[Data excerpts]
*** Block opens ***
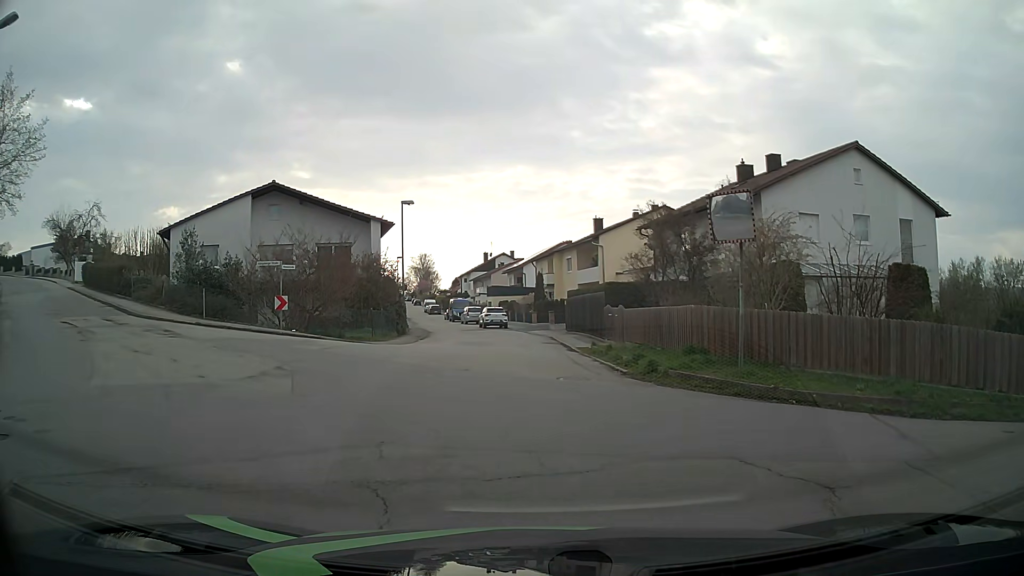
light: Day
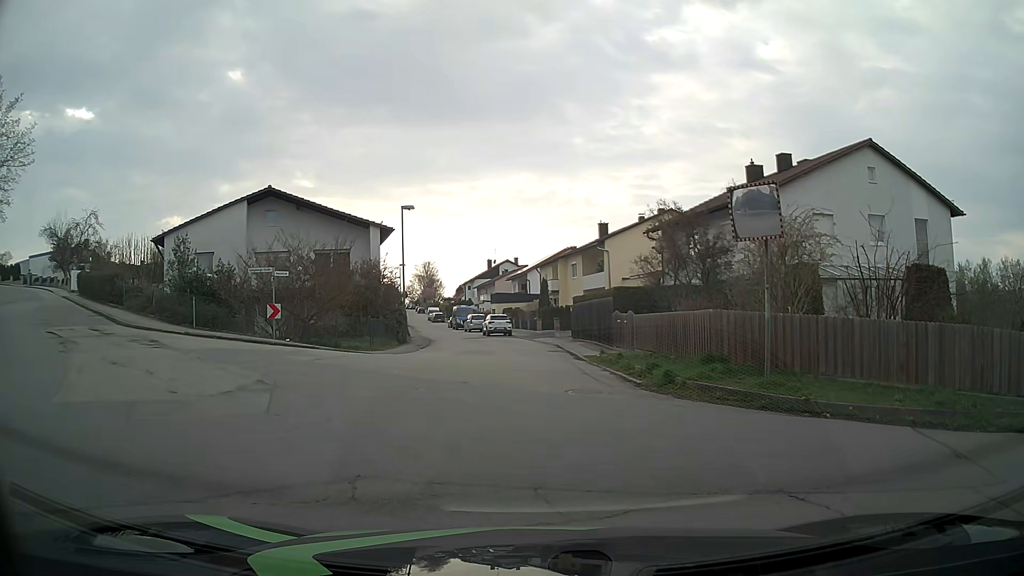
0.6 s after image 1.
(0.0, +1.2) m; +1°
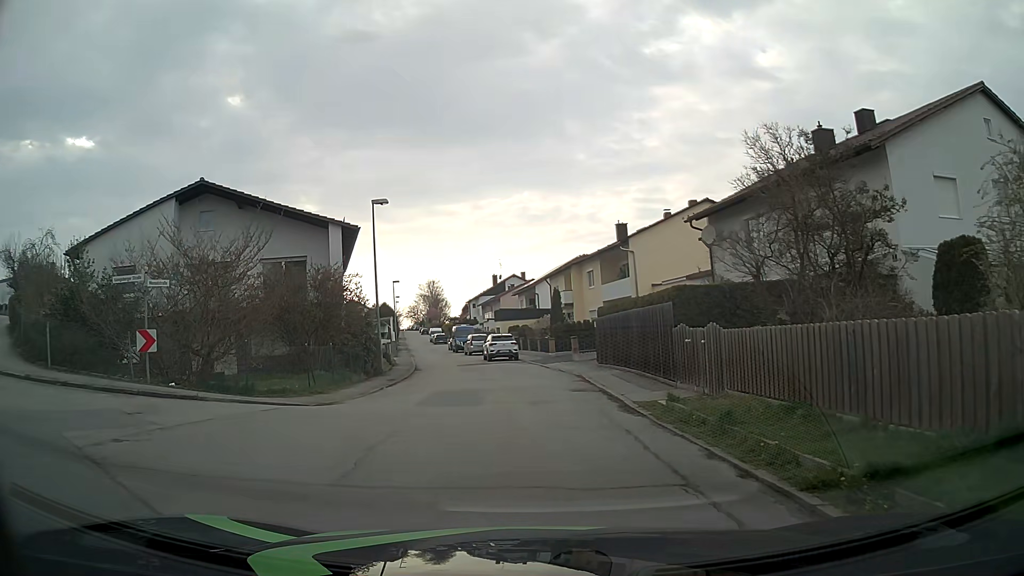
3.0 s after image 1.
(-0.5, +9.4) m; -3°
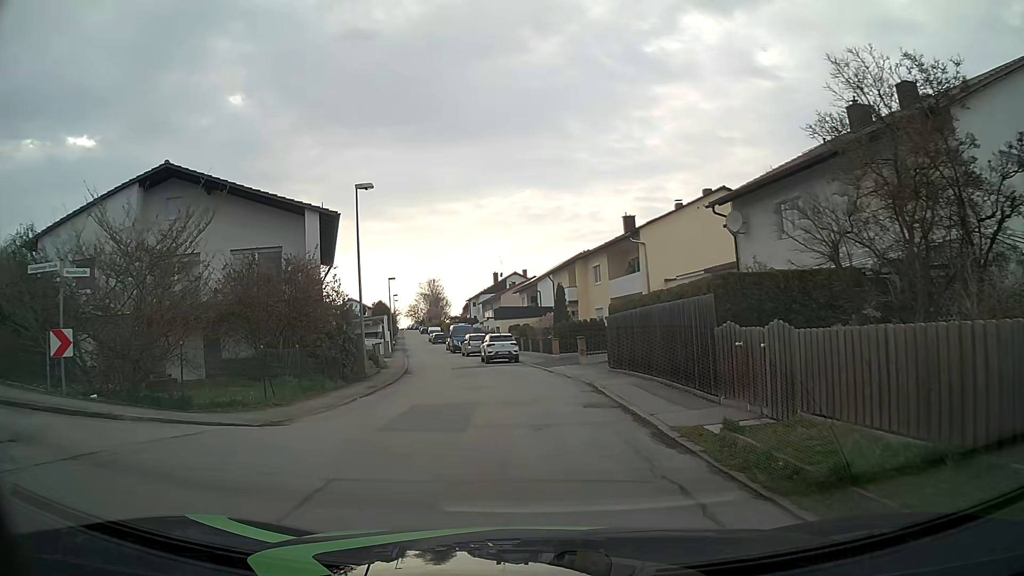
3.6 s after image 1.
*** Block closes ***
**HOW TO COMPLETE THIS TASK:** What is needed here is an exact copy of all the entries, without the pictures.

**PROBLEM SOLUTION:**
light: Day
0.6 s after image 1.
(0.0, +1.2) m; +1°
3.0 s after image 1.
(-0.5, +9.4) m; -3°
3.6 s after image 1.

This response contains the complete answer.